Saturday, March 06, 2010

Conclusion of Paper

This was the bulk of the conclusion of the paper, which I gave yesterday.
_________
We have aimed to describe what is actually the case in the way Christians use Scripture. It is actually the case that the individual texts of the Bible had particular original meanings in their own contexts that were overwhelmingly a function of the language games of their day. It is actually the case that the unified perspective from which Christians read Scripture developed over time in Christian history. These would seem to be unavoidable realities, even if a good deal of intellectual energy has been devoted to denying them.

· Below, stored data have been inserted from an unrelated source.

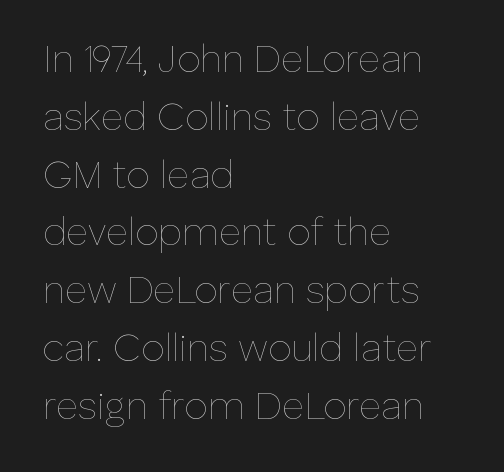
Q: Is the text bold? A: No.
Q: Is the text italic (slanted)? A: No, it is upright.
Q: Is the text underlined? A: No.
Q: How is the paragraph aligned? A: Left-aligned.
Q: Is the spacing between letters normal or unusually wide? A: Normal.
Q: Is the spacing between lines tight, normal or loose? A: Normal.
Q: Width (condensed, normal, or wide)? A: Normal.
Q: Stroke contrast? A: Low.
Q: x-height? A: Medium.
Q: Monospaced? A: No.
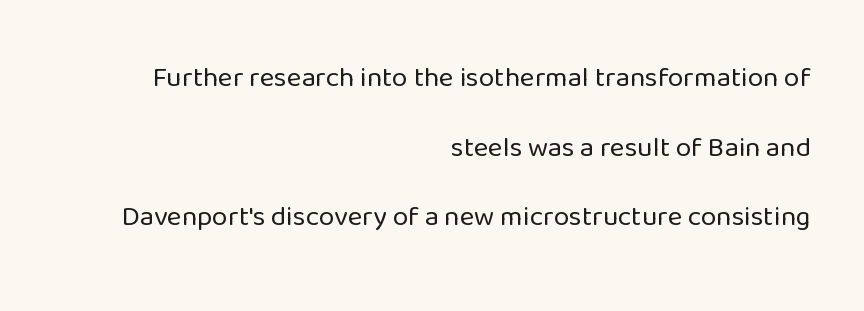
No word sits above an underline. The letters stand upright; this is a roman face. This rendering leaves character spacing at its baseline value. In terms of leading, this rendering errs on the spacious side. The strokes carry an ordinary text weight at most. Stroke terminals: plain, sans-serif.
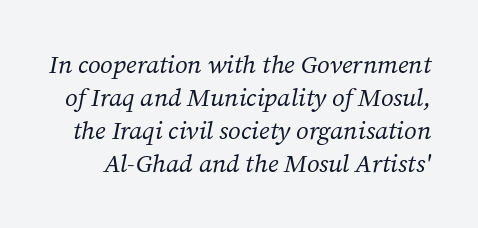
The image shows 25 px text type, italic (leaning right); set normal line spacing (1.32x), normal letter spacing, not underlined.
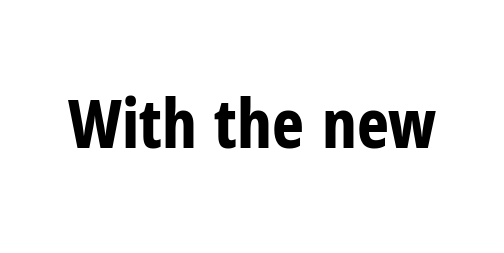
Does extra space separate the letters? No, they use regular spacing. It's the straight-up-and-down kind of type. Emphasis by weight is at full strength: bold. Anything drawn beneath the words? Only blank space.
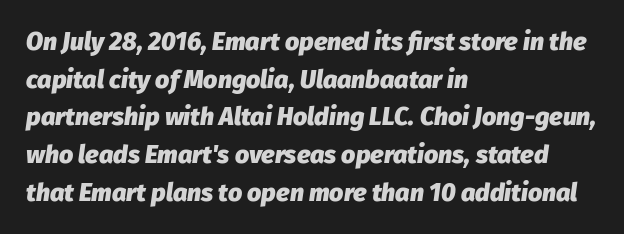
{"italic": "yes", "lean": "right", "slant_degrees": 8, "bold": "yes", "underline": "no", "align": "left", "line_spacing": "normal", "line_spacing_ratio": 1.51, "letter_spacing": "normal", "letter_spacing_em": 0.0, "glyph_px": 25}
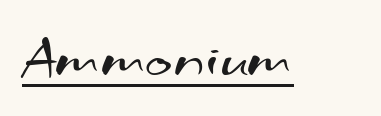
{"serif": "no", "bold": "no", "weight": "regular", "width": "wide", "stroke_contrast": "medium", "x_height": "small", "monospaced": "no", "underline": "yes", "letter_spacing": "normal", "letter_spacing_em": 0.0, "glyph_px": 58}
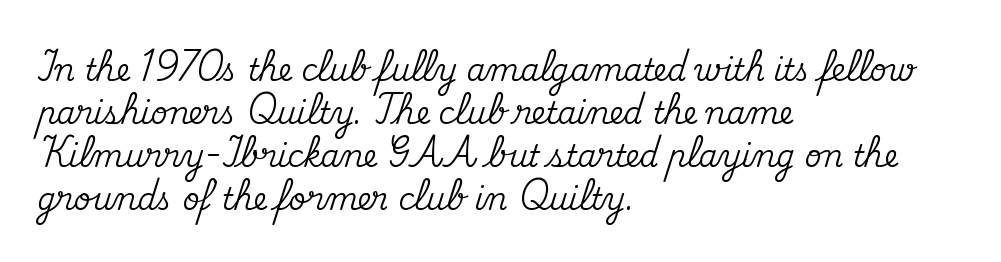
These lines keep a tight, regular rhythm from letter to letter. The ragged edge is on the right, which tells us the setting is flush left. The space directly below the letters is spotless. The vertical gap from one line to the next is medium.
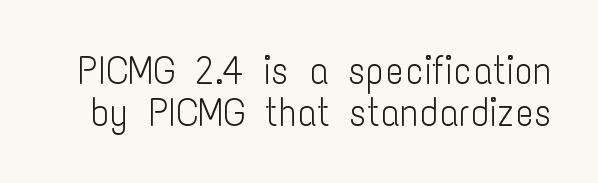
Q: Is the text bold? A: No.
Q: Is the text italic (slanted)? A: No, it is upright.
Q: Is the typeface a serif or a sans-serif typeface? A: Sans-serif.
Q: Is the text underlined? A: No.
Q: Is the spacing between letters normal or unusually wide? A: Normal.
Q: Is the spacing between lines tight, normal or loose? A: Tight.
Q: Width (condensed, normal, or wide)? A: Condensed.
Q: Stroke contrast? A: Low.
Q: x-height? A: Medium.
Q: Monospaced? A: No.
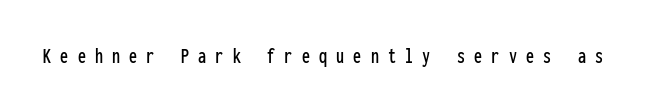
{"italic": "no", "underline": "no", "letter_spacing": "wide", "letter_spacing_em": 0.4, "glyph_px": 23}
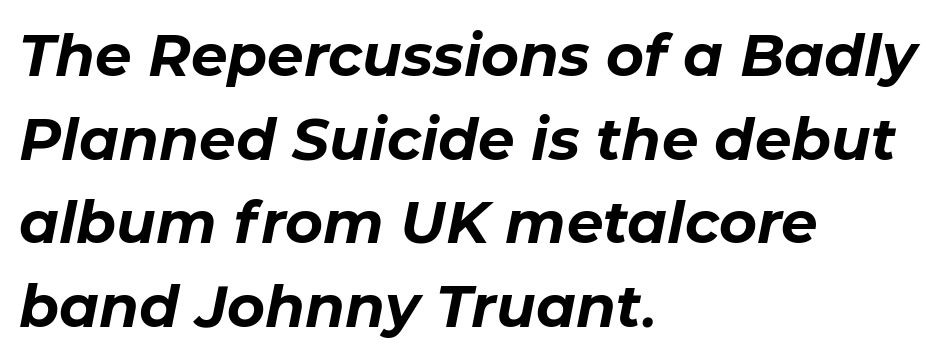
Q: Is the text bold? A: Yes.
Q: Is the text italic (slanted)? A: Yes, it leans right by about 11 degrees.
Q: Is the text underlined? A: No.
Q: How is the paragraph aligned? A: Left-aligned.
Q: Is the spacing between letters normal or unusually wide? A: Normal.
Q: Is the spacing between lines tight, normal or loose? A: Normal.
Q: Width (condensed, normal, or wide)? A: Normal.
Q: Stroke contrast? A: Low.
Q: x-height? A: Medium.
Q: Monospaced? A: No.

If we wish to conceptualize a Christian hermeneutic that is coherent, we thus need to take these things fully into account. I can think of no way to do so other than the general schema I presented in the introduction, namely, 1) to consider the individual texts of the canon as points in a flow of revelation, genuine points of partial revelation in a progressive flow and 2) to consider the consensus of faith that the Holy Spirit unfolded in the Church as the appropriate vantage point from which to read these texts as a unified whole with a unified Christian message. The postmodern attention to the polyvalence of language proves to bolster and indeed justify this hermeneutic.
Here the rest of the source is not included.